Not all goods brought from Enderi, Aksai and Kostek were produced there. These auls served as trade transit locations for the population of mountainous regions of Dagestan and Transcaucasus in their trade with Kizlyar and Astrakhan. This circumstance worried imperial authorities who were afraid that bought in Kizlyar goods would be brought customs-free through these settlements (residents of which were nationals of Russian Empire) to Dagestan and further to Transcaucasus and Iran.

That's why contrary to the decrees that no duty should be collected from Russian nationals, the imperial administration demanded payment of fees from inhabitants of Enderi, Aksai and Kostek that obviously provoked grievance from their part. In 1755 a Kostek voivode Alish Khamzin and Aksai prince Kaplan-Girey Akhmatkhanov wrote to Kizlyar governor that they and their subjects were Russian nationals "but when their subjects come to Kizlyar to buy horses, bulls, sheep and so on they are demanded to pay a fee. That's how Russians offend them…"

Two years later the Enderi inhabitants wrote to the Kizlyar governor about the same problem: "they consider us not to be Russian nationals…We have to pay duties like foreigners".

Tsarist administration tried to justify its actions arguing that Kumyk rulers ask Russian merchants to pay fees when they pass through their lands. Moreover, this money was used to pay taxes.

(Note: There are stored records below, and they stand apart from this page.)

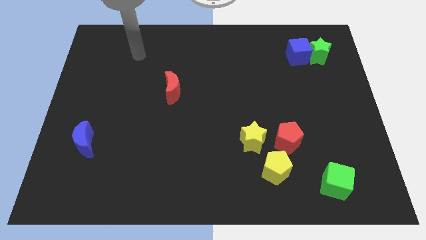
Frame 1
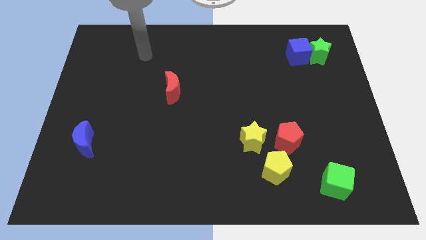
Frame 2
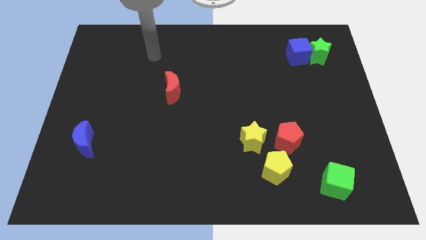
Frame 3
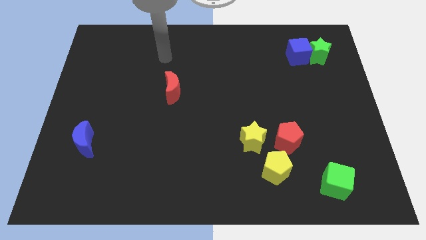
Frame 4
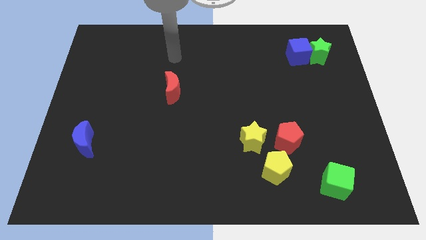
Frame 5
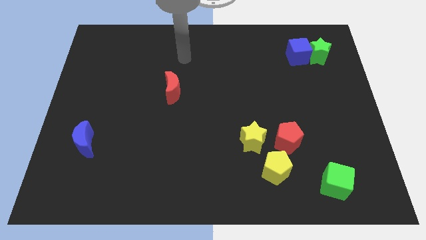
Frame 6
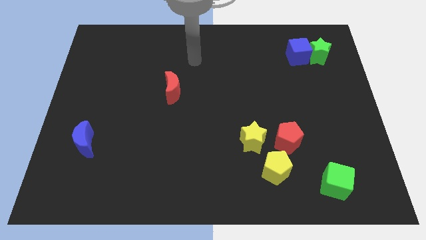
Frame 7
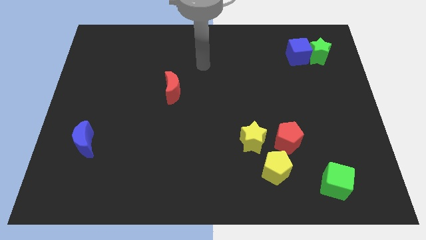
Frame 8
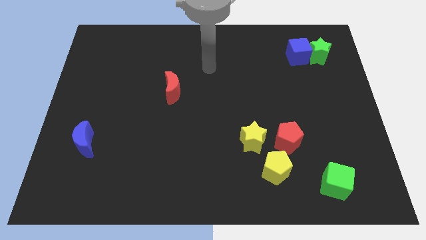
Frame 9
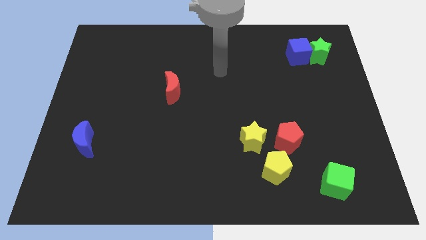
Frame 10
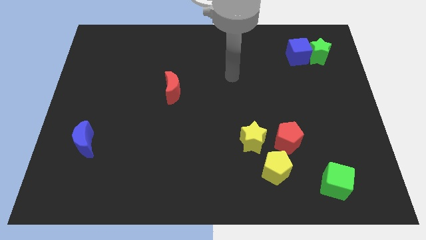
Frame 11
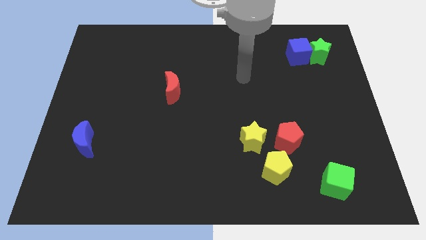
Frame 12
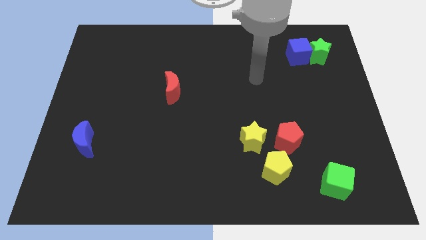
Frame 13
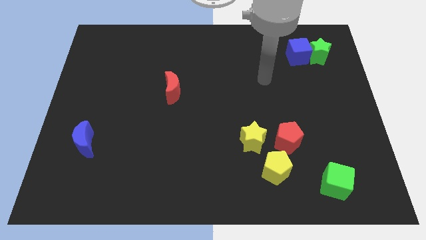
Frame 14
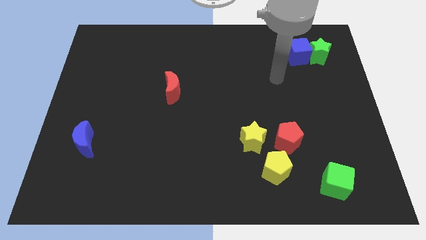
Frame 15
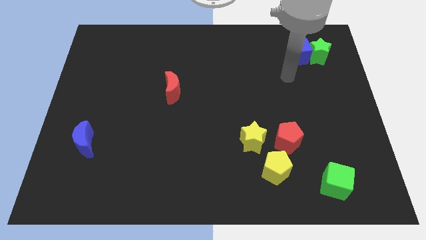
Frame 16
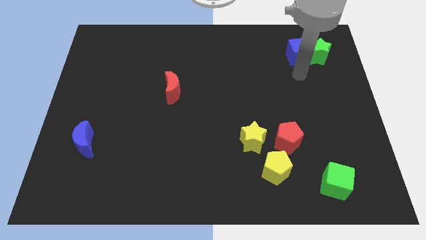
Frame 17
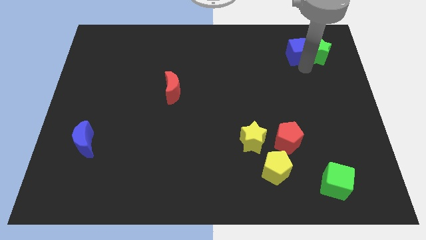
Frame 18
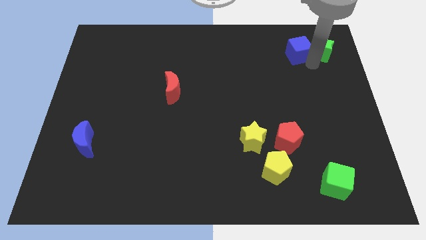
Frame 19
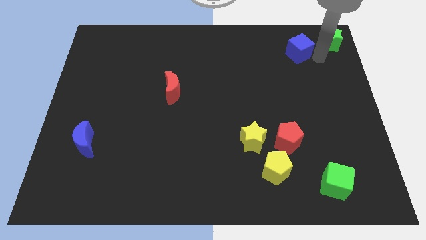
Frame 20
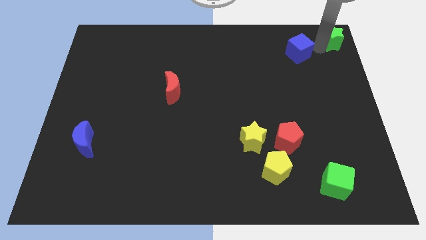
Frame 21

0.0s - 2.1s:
pull the blue cube apart from the green star

For example, in the 60s of the 18th century a Kizlyar merchant Melkum Davydov was a tax-farmer in Kostek and paid 70 rubles. However, not eager to exasperate Kumyk rulers the Kizlyar customs often did not force local residents to pay customs. It also ignored the decree that forbade the driving of cattle or horses to Kumyk settlements as well as abroad i.e. to Dagestan and other Caucasian territories. This decree which came into force due to the offensive of Nadir-shah army was abolished only in 1762. But life forced the Collegium of Foreign Affairs in 1747 (i.e. long before the interdiction) to issue a directive that allowed Russian nationals (including Kumyks) "who favoured Russian Empire" to buy horses. All these facts may lead to a conclusion that trade relations of Enderi, Aksai and Kostek with Kizlyar became more stable and diverse in the second half of the 18th century. They supplied Kizlyar with wheat flour, proso, fruits, nuts, raw silk, which was cheaper but comparable to the Kizlyar raw silk, silk tissue, handicrafts and madder.

=== Fishing ===

Given many historians the river Koysuv on which aul Kostek is situated was abundant in fish. J. Güldenstädt in the end of the 18th century wrote that not only sturgeons, starred sturgeons, catfishes, carps and asps harboured there. But he noted that there were no salmons which were in Terek river. But some time later in the beginning of the 19th century Semyon Bronevskiy in his description of river Koysuv mentioned salmons and Kizlyar herring (shamaya).

== Name ==
There exist several versions of the origin of its name. Given one of them it originated from the proper name Konstantin. Allegedly at the place of the settlement was a khutor of a Cossack named Konstantin. The time passed and Kumyk families started living in the khutor and they called the Cossack simply "Kostik", then the name transformed into "Kostek". In some Russian sources the settlement was also called "Kostyukovka".

Given another version the name has its roots in the phrase "kos tek" (which means in Kumyk language: "a lone hut"). Allegedly at the place of the settlement once lived an old man in a hut. In Turkic languages "kostek" means also "an obstacle". An old Kumyk name "Kostek" also existed.

== Population ==
By the end of the 18th century, there were about 200 households in the aul.

It is known that in the 19th century Kostek grew rapidly. D.S. Kidirniyazov in his book "Relations of Nogais with other people of Northern Caucasus and Russia in 16th – 19th centuries" wrote: "Settlement Kostek grew quickly. If in 1804 there were 300 households, in 1812 there were already 650"

In 1840 there were 2800 residents in Kostek.

According to different sources in the end of the 19th century there were 742 households in Kostek where lived 2300 people.

Population
| 2002 | 2010 |
| 3864 | ↗4551 |

As of the 2002 Census the majority of population consists of Kumyks – 3641 inhabitants (94,2 %). Apart from them also lived Chechens – 72 inhabitants, Avars – 70 inhabitants and others.